SThree PLC on Tuesday said ‘early signs of improvement are continuing in selected areas’ in the new year, after a tricky 2025 which saw net fees and profit slump.

The London-based science, technology, engineering and mathematics-focused staffing firm said net fees fell 13% to £322.7 million in the financial year to November from £369.1 million the year prior, or by 12% on like-for-like basis.

Pretax profit tumbled 62% to £25.5 million from £67.6 million, with basic earnings per share down 63% to 13.7 pence from 37.4p.

SThree said profit fell ‘in line with expectations, as the challenging economic conditions continue to impact net fees, partially offset by disciplined cost management.’

Revenue declined 13% to £1.30 billion from £1.49 billion, or by 12% LFL.

SThree left the total dividend unchanged at 14.3p per share after a pegged final payout of 9.2p per share.

SThree said the rate of decline in net fees improved sequentially each quarter, supported by the US returning to growth.

Net fees grew 4% in the US, while Germany and the Netherlands declined by 16% and 21% respectively.

The three countries make up 72% of total group net fees.

Contract net fees, which represent 84% of the total, declined 12% year-on-year, while permanent net fees, 16% of total, declined 9% on-year.

SThree reported net cash of £68.0 million at year end, down slightly from £69.7 million the year prior, after having returned £20.2 million to shareholders via a share buyback completed earlier in the year.

SThree said it intends to launch a further buyback programme of up to £20 million, in line with its stated capital allocation policy.

Looking ahead, SThree expects financial 2026 pretax profit of around £10 million.

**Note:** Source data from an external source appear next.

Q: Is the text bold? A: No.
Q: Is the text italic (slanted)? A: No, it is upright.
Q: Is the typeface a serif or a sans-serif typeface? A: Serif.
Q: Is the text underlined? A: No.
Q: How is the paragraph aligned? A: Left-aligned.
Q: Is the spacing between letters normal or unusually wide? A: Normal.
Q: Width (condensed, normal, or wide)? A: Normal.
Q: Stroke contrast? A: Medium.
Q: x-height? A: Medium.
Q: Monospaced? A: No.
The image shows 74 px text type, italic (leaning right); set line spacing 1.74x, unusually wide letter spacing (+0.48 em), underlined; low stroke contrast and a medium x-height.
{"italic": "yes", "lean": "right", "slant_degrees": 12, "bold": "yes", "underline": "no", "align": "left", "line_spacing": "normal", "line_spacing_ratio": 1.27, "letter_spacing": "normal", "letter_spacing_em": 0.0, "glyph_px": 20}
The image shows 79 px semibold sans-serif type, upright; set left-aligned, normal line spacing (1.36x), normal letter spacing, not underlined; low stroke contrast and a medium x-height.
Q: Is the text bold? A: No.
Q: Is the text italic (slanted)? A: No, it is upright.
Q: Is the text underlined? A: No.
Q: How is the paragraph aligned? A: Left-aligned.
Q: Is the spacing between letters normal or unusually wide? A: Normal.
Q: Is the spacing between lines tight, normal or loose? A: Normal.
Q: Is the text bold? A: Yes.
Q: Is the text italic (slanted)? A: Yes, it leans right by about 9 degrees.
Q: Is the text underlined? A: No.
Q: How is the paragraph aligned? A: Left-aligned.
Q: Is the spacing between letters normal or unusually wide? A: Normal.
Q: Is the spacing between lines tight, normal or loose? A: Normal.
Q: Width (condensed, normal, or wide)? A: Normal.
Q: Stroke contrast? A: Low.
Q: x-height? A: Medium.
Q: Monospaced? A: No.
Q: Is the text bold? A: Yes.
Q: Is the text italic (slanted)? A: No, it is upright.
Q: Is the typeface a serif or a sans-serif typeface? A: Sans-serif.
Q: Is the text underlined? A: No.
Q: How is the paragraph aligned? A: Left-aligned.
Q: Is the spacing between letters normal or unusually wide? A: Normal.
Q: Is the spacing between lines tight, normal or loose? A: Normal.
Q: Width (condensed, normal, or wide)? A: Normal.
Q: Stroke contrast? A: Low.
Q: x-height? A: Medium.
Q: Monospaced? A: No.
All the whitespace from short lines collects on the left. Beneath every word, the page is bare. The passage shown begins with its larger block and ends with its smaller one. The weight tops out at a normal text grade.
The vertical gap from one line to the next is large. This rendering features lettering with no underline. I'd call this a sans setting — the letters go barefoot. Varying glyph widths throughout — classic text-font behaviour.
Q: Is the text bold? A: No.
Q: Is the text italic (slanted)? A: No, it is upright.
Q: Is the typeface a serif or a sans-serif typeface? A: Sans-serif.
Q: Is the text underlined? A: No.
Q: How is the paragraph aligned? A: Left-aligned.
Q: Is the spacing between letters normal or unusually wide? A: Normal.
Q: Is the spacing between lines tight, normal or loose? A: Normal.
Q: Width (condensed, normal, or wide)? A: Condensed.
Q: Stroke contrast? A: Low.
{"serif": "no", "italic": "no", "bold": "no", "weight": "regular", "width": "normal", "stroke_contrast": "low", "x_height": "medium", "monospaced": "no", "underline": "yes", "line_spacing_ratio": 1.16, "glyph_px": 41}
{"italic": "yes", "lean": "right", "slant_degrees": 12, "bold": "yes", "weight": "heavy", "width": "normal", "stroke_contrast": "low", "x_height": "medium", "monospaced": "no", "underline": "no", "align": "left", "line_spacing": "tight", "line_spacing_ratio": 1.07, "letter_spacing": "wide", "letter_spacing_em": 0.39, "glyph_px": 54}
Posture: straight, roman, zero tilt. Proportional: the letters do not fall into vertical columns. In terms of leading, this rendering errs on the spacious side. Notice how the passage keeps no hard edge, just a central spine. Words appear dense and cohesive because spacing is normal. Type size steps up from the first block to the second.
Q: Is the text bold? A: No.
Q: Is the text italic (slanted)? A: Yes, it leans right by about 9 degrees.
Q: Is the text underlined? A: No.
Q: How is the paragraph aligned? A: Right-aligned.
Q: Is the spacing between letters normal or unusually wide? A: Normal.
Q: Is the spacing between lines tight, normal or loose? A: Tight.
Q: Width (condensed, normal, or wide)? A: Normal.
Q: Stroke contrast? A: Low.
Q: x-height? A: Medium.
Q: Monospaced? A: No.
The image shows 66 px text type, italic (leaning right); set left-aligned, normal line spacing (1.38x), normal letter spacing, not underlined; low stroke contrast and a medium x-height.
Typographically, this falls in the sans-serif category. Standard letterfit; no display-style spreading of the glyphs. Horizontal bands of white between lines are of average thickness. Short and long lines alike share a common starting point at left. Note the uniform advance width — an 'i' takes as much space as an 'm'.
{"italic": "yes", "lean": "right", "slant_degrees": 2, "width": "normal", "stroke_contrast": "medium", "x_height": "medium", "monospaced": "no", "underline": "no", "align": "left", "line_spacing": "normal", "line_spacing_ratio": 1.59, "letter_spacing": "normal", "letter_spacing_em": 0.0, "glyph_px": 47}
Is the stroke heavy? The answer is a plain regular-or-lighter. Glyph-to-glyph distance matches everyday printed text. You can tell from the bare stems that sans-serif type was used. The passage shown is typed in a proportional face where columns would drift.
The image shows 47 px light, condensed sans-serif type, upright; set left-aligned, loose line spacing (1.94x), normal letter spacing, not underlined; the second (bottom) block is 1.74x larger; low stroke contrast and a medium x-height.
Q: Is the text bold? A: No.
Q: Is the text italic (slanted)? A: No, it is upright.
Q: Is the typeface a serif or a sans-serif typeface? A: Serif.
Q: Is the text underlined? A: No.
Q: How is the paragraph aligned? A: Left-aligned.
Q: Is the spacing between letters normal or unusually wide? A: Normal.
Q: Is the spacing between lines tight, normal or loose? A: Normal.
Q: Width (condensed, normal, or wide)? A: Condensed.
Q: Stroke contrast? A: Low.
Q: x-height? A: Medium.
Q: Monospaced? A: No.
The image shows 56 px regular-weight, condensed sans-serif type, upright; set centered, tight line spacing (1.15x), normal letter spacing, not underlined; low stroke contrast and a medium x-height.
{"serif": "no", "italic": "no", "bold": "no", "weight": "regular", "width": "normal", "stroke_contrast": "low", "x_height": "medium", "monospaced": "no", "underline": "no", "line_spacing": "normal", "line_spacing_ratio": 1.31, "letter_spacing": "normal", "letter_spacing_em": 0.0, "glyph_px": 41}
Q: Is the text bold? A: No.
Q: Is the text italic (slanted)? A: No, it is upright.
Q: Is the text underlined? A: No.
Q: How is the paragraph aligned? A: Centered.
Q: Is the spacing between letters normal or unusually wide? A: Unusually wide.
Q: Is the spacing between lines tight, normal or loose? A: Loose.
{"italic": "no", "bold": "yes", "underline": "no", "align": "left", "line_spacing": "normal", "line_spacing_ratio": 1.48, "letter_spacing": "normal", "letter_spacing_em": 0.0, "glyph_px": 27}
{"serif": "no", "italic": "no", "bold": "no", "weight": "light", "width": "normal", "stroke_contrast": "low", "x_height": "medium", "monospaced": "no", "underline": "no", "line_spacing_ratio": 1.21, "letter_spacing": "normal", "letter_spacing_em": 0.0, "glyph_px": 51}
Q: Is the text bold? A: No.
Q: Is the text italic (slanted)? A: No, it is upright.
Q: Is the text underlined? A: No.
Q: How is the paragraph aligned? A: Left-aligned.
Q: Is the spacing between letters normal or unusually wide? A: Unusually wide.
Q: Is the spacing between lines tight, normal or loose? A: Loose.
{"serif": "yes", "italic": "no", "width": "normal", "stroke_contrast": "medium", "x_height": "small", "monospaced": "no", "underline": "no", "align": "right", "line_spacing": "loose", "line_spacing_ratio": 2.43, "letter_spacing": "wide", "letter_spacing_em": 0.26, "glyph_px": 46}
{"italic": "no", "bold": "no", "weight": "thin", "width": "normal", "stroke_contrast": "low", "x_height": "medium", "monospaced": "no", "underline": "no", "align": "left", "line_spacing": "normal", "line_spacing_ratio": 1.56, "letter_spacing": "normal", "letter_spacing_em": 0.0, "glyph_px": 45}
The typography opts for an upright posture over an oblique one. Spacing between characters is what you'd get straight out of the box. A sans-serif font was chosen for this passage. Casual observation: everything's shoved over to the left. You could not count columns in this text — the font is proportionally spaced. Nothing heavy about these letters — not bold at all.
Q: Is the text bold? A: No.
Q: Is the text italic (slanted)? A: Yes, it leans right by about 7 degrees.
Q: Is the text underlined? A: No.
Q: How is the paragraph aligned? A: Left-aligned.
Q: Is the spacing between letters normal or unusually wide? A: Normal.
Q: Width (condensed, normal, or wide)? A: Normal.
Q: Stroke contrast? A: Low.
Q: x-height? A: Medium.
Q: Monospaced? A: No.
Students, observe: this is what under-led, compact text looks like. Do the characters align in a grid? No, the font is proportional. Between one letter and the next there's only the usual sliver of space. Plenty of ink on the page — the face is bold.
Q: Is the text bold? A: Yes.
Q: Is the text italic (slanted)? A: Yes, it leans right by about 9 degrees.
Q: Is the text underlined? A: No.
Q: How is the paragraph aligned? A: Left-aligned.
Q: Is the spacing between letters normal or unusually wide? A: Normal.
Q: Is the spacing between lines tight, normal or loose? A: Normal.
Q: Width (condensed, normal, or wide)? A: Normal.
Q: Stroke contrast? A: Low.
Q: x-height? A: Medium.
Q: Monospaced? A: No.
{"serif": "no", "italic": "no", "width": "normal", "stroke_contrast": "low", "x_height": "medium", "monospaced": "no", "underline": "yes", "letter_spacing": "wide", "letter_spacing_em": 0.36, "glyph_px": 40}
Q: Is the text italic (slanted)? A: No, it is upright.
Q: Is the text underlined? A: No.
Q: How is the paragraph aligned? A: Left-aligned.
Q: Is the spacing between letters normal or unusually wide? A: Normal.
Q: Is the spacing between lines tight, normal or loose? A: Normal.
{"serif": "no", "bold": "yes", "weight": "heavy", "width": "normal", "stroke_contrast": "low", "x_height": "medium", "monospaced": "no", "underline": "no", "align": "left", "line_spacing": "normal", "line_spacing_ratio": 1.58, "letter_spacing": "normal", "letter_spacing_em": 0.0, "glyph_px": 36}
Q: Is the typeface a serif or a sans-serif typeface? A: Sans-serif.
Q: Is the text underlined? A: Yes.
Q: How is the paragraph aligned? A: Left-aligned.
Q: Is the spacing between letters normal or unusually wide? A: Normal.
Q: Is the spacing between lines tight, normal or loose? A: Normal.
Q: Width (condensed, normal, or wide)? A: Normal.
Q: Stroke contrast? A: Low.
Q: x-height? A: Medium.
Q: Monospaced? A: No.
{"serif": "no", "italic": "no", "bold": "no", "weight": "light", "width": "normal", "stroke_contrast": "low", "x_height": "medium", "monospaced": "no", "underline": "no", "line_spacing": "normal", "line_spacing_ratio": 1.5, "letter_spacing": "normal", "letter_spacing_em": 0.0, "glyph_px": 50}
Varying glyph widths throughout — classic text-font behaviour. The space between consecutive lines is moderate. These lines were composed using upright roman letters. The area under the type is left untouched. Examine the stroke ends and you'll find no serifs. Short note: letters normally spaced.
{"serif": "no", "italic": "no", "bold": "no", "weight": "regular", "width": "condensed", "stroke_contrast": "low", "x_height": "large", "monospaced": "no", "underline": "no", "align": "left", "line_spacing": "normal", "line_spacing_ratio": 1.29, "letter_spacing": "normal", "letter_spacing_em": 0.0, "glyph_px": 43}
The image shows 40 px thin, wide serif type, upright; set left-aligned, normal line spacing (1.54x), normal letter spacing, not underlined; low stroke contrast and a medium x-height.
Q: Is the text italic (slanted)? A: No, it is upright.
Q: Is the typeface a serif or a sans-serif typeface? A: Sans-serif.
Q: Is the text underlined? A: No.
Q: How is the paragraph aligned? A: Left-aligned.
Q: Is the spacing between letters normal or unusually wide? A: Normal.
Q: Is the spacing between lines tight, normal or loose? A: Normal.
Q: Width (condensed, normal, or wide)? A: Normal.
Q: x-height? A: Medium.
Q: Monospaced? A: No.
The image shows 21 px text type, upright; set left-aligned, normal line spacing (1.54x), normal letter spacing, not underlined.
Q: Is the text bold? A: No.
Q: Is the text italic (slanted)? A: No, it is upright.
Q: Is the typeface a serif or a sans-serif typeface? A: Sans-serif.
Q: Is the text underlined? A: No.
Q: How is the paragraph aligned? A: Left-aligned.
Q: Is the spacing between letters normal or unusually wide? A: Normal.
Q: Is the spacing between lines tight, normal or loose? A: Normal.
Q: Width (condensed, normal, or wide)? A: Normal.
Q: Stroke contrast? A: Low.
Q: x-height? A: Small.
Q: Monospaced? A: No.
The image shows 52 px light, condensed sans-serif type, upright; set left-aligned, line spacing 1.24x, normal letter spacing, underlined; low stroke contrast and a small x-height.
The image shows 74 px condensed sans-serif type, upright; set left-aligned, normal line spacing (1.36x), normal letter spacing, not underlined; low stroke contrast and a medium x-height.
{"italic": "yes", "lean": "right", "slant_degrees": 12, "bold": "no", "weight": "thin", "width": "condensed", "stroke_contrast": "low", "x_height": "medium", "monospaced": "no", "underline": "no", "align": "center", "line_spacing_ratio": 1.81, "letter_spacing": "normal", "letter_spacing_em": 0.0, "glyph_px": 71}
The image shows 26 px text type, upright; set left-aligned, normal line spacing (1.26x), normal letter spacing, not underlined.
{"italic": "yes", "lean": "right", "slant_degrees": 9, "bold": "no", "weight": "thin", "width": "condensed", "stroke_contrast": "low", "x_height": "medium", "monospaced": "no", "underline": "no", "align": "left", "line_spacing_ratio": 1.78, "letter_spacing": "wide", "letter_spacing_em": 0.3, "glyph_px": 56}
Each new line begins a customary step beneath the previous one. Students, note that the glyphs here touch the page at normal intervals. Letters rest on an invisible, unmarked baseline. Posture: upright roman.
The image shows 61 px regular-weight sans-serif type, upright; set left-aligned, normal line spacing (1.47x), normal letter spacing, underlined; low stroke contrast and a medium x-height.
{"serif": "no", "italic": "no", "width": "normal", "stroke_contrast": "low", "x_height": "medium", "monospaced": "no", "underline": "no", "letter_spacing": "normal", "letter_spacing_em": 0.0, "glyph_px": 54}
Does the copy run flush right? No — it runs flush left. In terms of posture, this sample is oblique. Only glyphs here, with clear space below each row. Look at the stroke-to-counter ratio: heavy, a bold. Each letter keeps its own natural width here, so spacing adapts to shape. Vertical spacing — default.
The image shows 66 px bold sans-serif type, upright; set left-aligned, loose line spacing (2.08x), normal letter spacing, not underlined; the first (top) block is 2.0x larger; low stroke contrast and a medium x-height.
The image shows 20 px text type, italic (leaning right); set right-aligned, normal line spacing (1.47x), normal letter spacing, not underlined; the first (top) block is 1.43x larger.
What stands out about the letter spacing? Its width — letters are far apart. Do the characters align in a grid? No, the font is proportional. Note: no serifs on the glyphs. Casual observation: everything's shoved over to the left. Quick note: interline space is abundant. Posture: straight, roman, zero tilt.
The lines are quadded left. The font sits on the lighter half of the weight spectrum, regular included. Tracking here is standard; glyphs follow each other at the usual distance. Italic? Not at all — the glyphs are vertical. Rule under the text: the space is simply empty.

‘Financial 2025 ended with encouraging new business activity, albeit at historically subdued levels, and good momentum in select markets, such as the US, underpinning our expectations for the year ahead,’ the firm said.

Chief Executive Timo Lehne said: ‘We enter the new year with cautious optimism’, noting ‘early signs of improvement are continuing in selected areas.’

‘Whilst new business remains challenging, and broader market recovery is yet to materialise, the investments made in recent years leave us well positioned to navigate the near-term environment and capitalise on new growth opportunities,’ Lehne added.

Shares in SThree rose 6.5% to 195.90p each in London on Tuesday morning.